* [Exercise goal]
Set down precisely the lines from the line with "You can tell" through the end of the material, inclusive, and no pictures.

* [Working data]
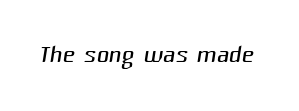
Q: Is the text bold? A: No.
Q: Is the typeface a serif or a sans-serif typeface? A: Sans-serif.
Q: Is the text underlined? A: No.
Q: Is the spacing between letters normal or unusually wide? A: Normal.
Q: Width (condensed, normal, or wide)? A: Normal.
Q: Stroke contrast? A: Medium.
Q: x-height? A: Medium.
Q: Monospaced? A: No.
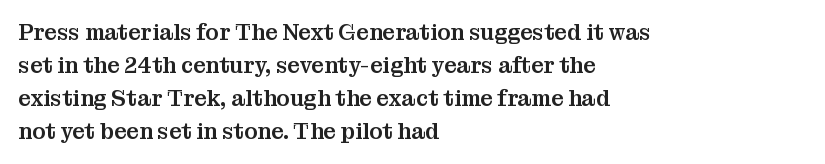
A clean baseline with only descenders dipping below it. Standard letterfit; no display-style spreading of the glyphs. Notice how descenders clear the ascenders below comfortably — that's standard leading. It's the straight-up-and-down kind of type. Does the copy run flush right? No — it runs flush left.
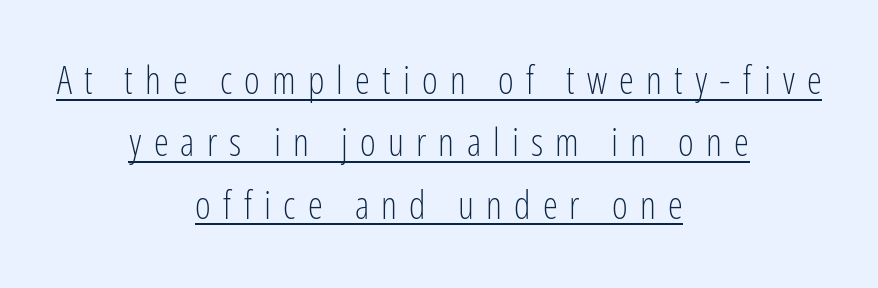
Q: Is the text bold? A: No.
Q: Is the text italic (slanted)? A: No, it is upright.
Q: Is the typeface a serif or a sans-serif typeface? A: Sans-serif.
Q: Is the text underlined? A: Yes.
Q: How is the paragraph aligned? A: Centered.
Q: Is the spacing between letters normal or unusually wide? A: Unusually wide.
Q: Is the spacing between lines tight, normal or loose? A: Normal.
Q: Width (condensed, normal, or wide)? A: Condensed.
Q: Stroke contrast? A: Low.
Q: x-height? A: Medium.
Q: Monospaced? A: No.
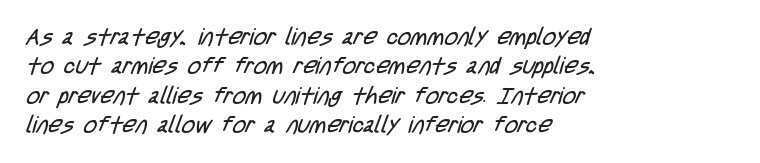
{"bold": "no", "underline": "no", "align": "left", "line_spacing": "normal", "line_spacing_ratio": 1.28, "letter_spacing": "normal", "letter_spacing_em": 0.0, "glyph_px": 23}
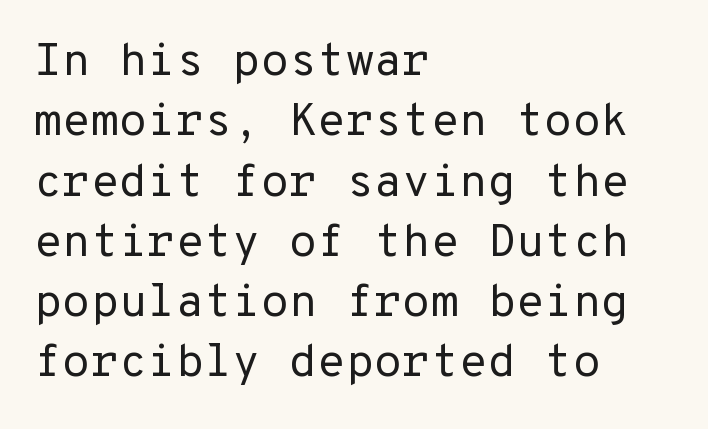
The image shows 46 px regular-weight sans-serif type, upright, monospaced; set left-aligned, normal line spacing (1.31x), normal letter spacing, not underlined; low stroke contrast and a medium x-height.
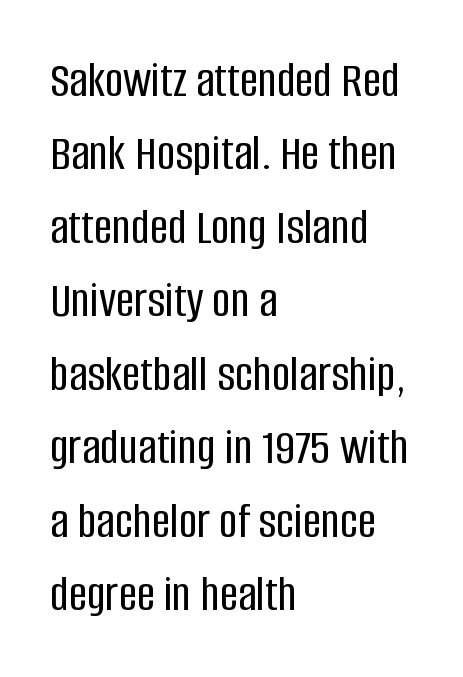
The tracking reads as untouched default to a designer's eye. A typesetter would call this proportional, since set widths differ per character. The line-height multiplier appears to be the usual default. Classification — sans serif.
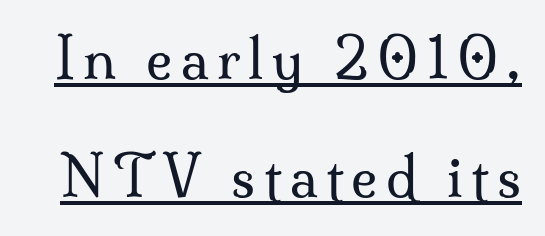
The image shows 55 px regular-weight serif type, upright; set loose line spacing (2.14x), underlined; medium stroke contrast and a small x-height.
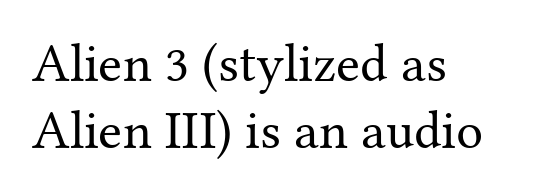
The image shows 54 px regular-weight serif type, upright; set left-aligned, normal line spacing (1.25x), normal letter spacing, not underlined; medium stroke contrast and a medium x-height.
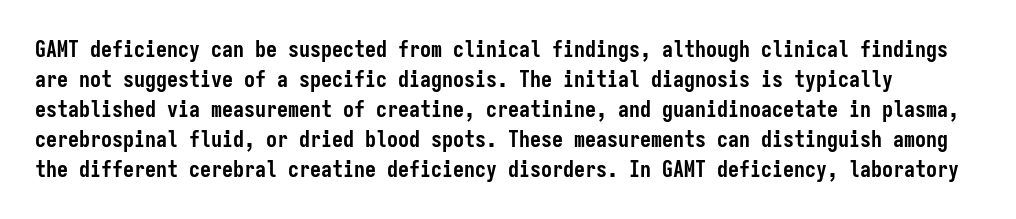
You can tell it's not italic because the verticals are truly vertical. Glyph-to-glyph distance matches everyday printed text. The letters are bold, with thick, heavy strokes. Unmarked baselines from the first word to the last.
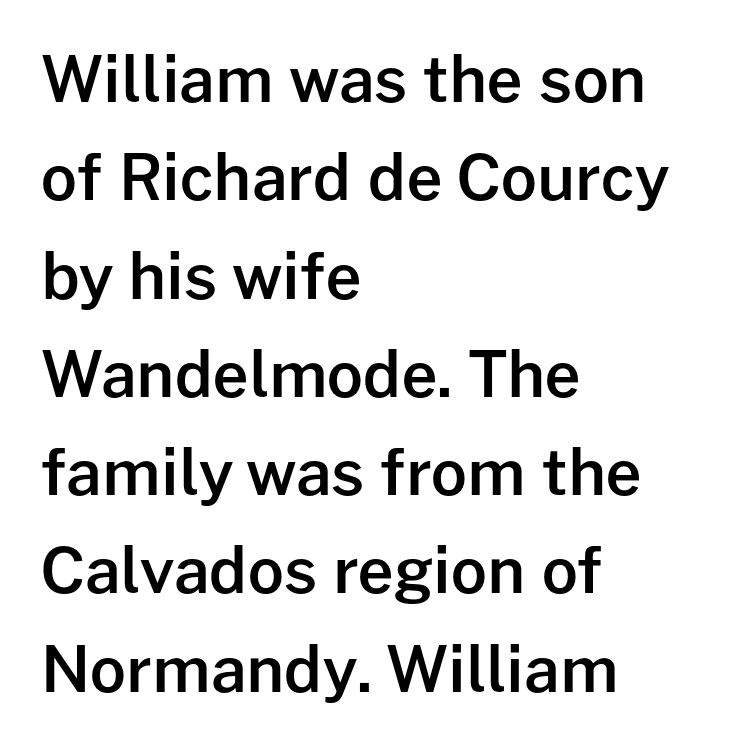
The image shows 63 px semibold sans-serif type, upright; set left-aligned, normal line spacing (1.56x), normal letter spacing, not underlined; low stroke contrast and a medium x-height.
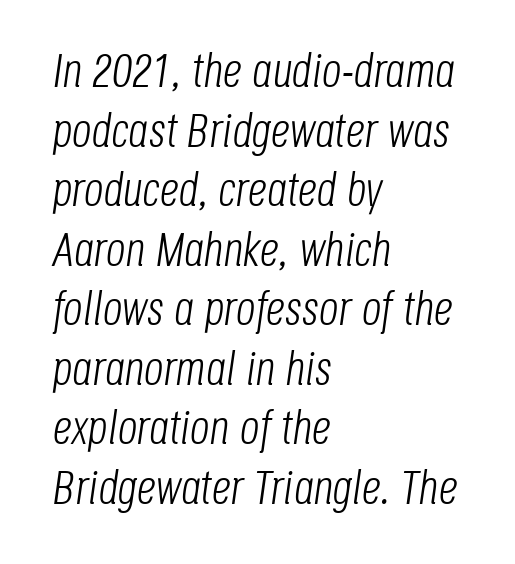
The passage shown is typed in a proportional face where columns would drift. Caption: standard tracking, unaltered. The whole block is typeset with a tilt. Clear beneath every line of the passage. The strokes are not fattened; the text isn't bold. Casual observation: everything's shoved over to the left.
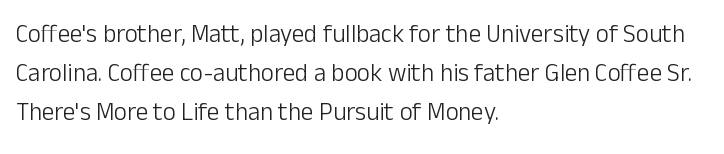
Q: Is the text bold? A: No.
Q: Is the text italic (slanted)? A: No, it is upright.
Q: Is the text underlined? A: No.
Q: How is the paragraph aligned? A: Left-aligned.
Q: Is the spacing between letters normal or unusually wide? A: Normal.
Q: Is the spacing between lines tight, normal or loose? A: Normal.
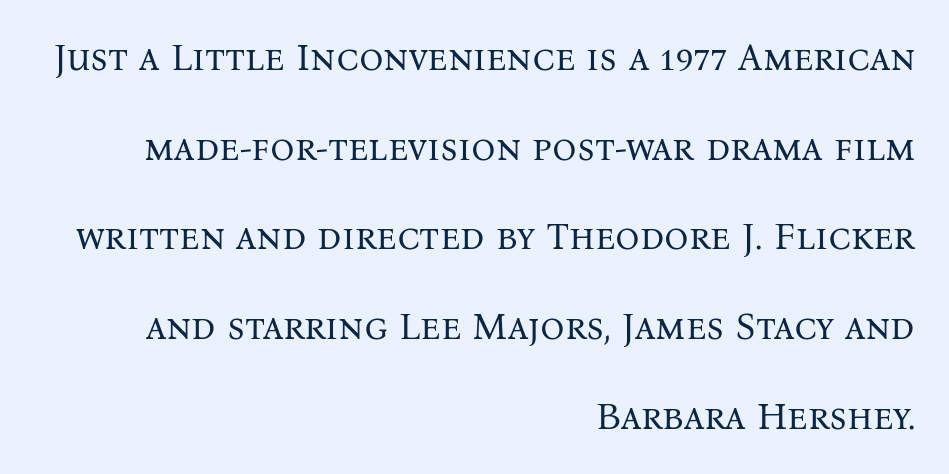
Q: Is the text bold? A: No.
Q: Is the text italic (slanted)? A: No, it is upright.
Q: Is the typeface a serif or a sans-serif typeface? A: Serif.
Q: Is the text underlined? A: No.
Q: How is the paragraph aligned? A: Right-aligned.
Q: Is the spacing between letters normal or unusually wide? A: Normal.
Q: Is the spacing between lines tight, normal or loose? A: Loose.
Q: Width (condensed, normal, or wide)? A: Normal.
Q: Stroke contrast? A: Medium.
Q: x-height? A: Medium.
Q: Monospaced? A: No.
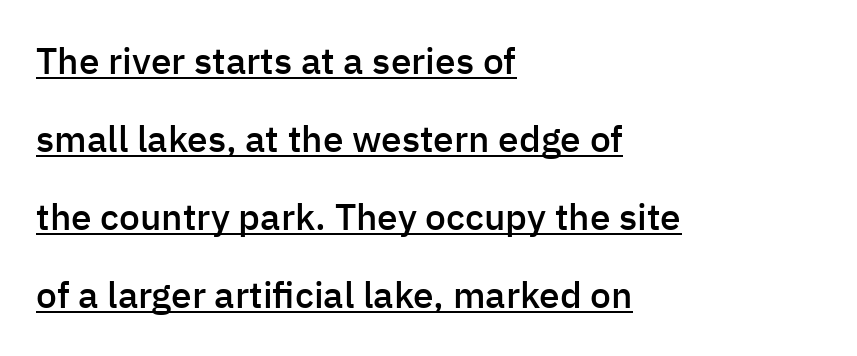
These characters rest on top of a visible drawn line. What weight is shown? A semibold, between regular and bold. Rows of type keep a wide berth in the vertical direction. This sample has the flowing, uneven cadence of proportional lettering. These lines stack with their left ends in a neat column.
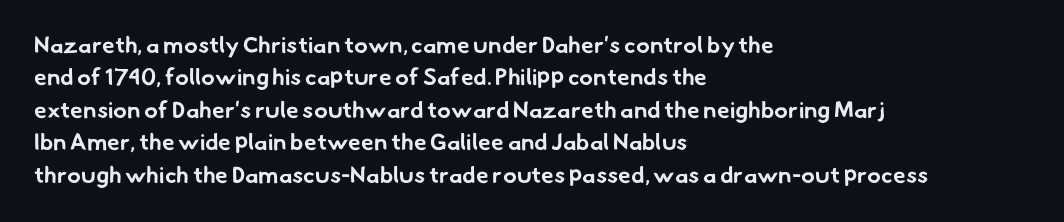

* [Exercise output]
You can tell it's not italic because the verticals are truly vertical. Glyph-to-glyph distance matches everyday printed text. The letters are bold, with thick, heavy strokes. Unmarked baselines from the first word to the last.
The image shows 63 px semibold sans-serif type, upright; set left-aligned, normal line spacing (1.56x), normal letter spacing, not underlined; low stroke contrast and a medium x-height.
The passage shown is typed in a proportional face where columns would drift. Caption: standard tracking, unaltered. The whole block is typeset with a tilt. Clear beneath every line of the passage. The strokes are not fattened; the text isn't bold. Casual observation: everything's shoved over to the left.
Q: Is the text bold? A: No.
Q: Is the text italic (slanted)? A: No, it is upright.
Q: Is the text underlined? A: No.
Q: How is the paragraph aligned? A: Left-aligned.
Q: Is the spacing between letters normal or unusually wide? A: Normal.
Q: Is the spacing between lines tight, normal or loose? A: Normal.
Q: Is the text bold? A: No.
Q: Is the text italic (slanted)? A: No, it is upright.
Q: Is the typeface a serif or a sans-serif typeface? A: Serif.
Q: Is the text underlined? A: No.
Q: How is the paragraph aligned? A: Right-aligned.
Q: Is the spacing between letters normal or unusually wide? A: Normal.
Q: Is the spacing between lines tight, normal or loose? A: Loose.
Q: Width (condensed, normal, or wide)? A: Normal.
Q: Stroke contrast? A: Medium.
Q: x-height? A: Medium.
Q: Monospaced? A: No.
These characters rest on top of a visible drawn line. What weight is shown? A semibold, between regular and bold. Rows of type keep a wide berth in the vertical direction. This sample has the flowing, uneven cadence of proportional lettering. These lines stack with their left ends in a neat column.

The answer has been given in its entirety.